TASK ITEM:
Write out every entry exactly; the pictures do not belong in the copy.

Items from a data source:

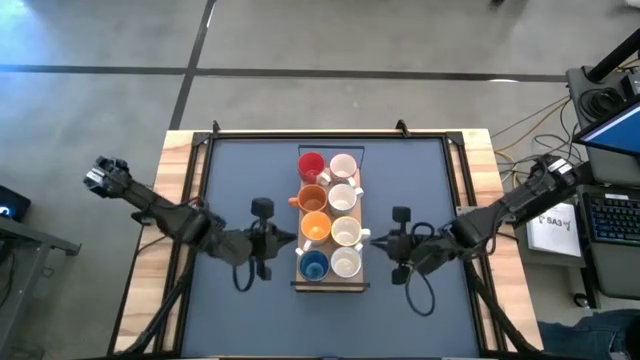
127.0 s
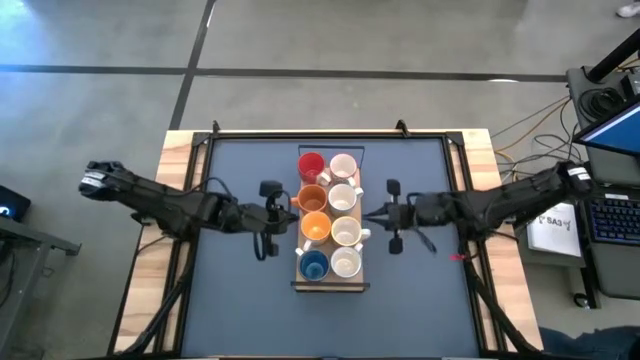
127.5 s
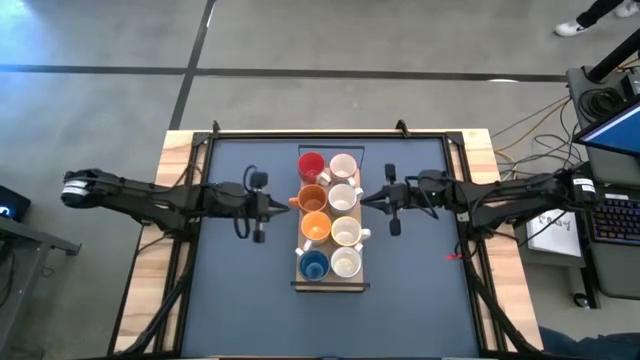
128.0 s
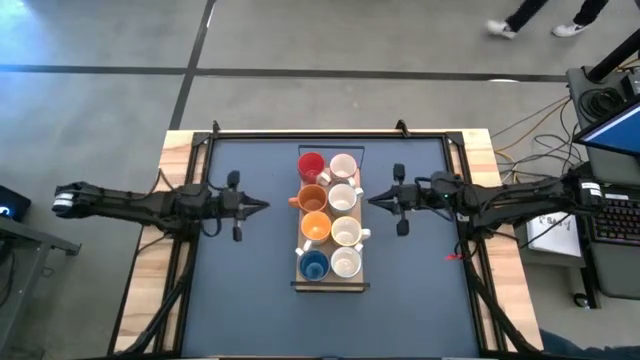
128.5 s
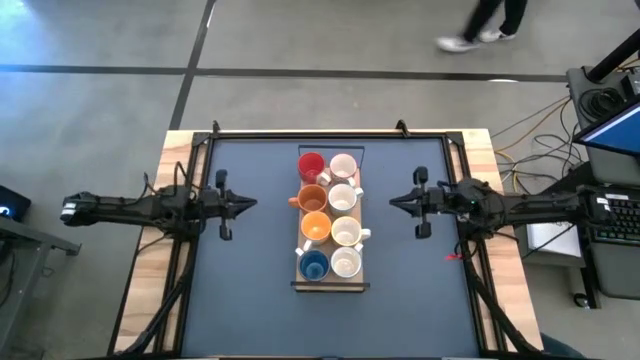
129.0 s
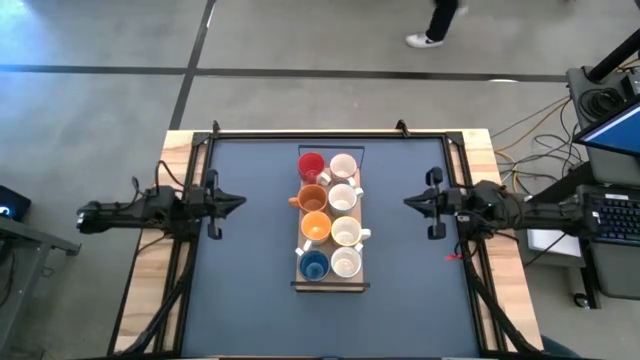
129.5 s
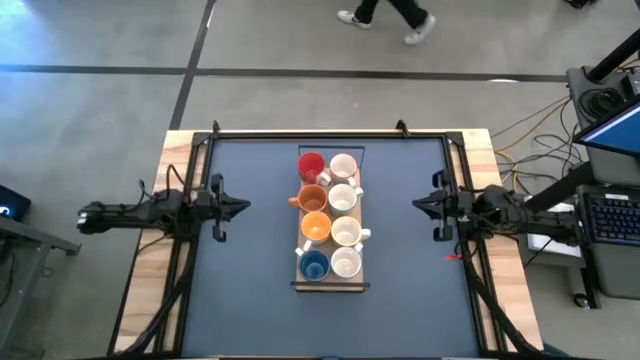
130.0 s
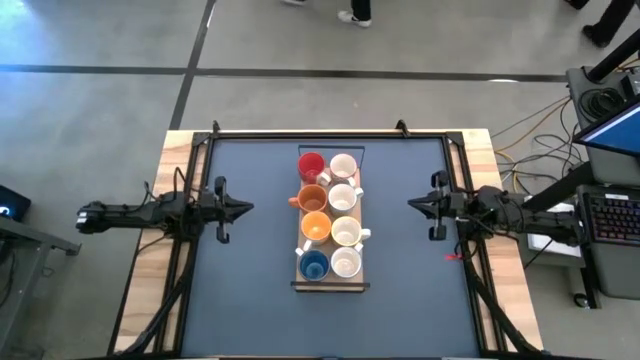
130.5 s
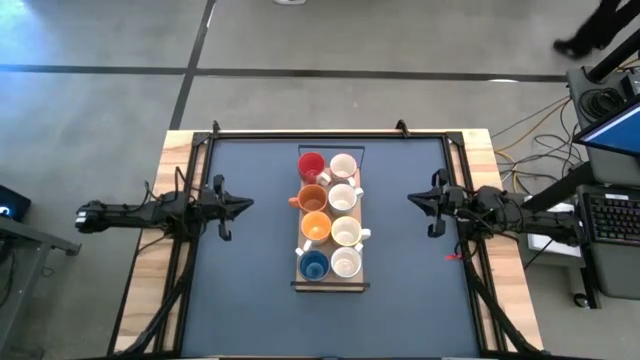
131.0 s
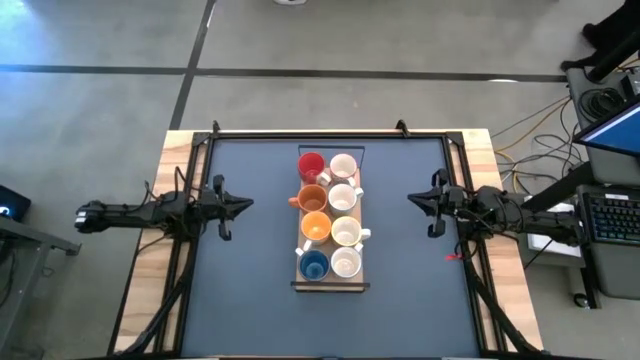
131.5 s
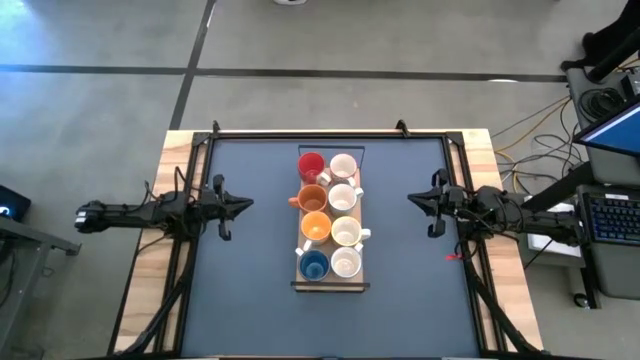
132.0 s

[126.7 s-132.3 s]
Return to Home Position

SOLUTION FOR THIS TASK:
127.0 s
127.5 s
128.0 s
128.5 s
129.0 s
129.5 s
130.0 s
130.5 s
131.0 s
131.5 s
132.0 s

[126.7 s-132.3 s]
Return to Home Position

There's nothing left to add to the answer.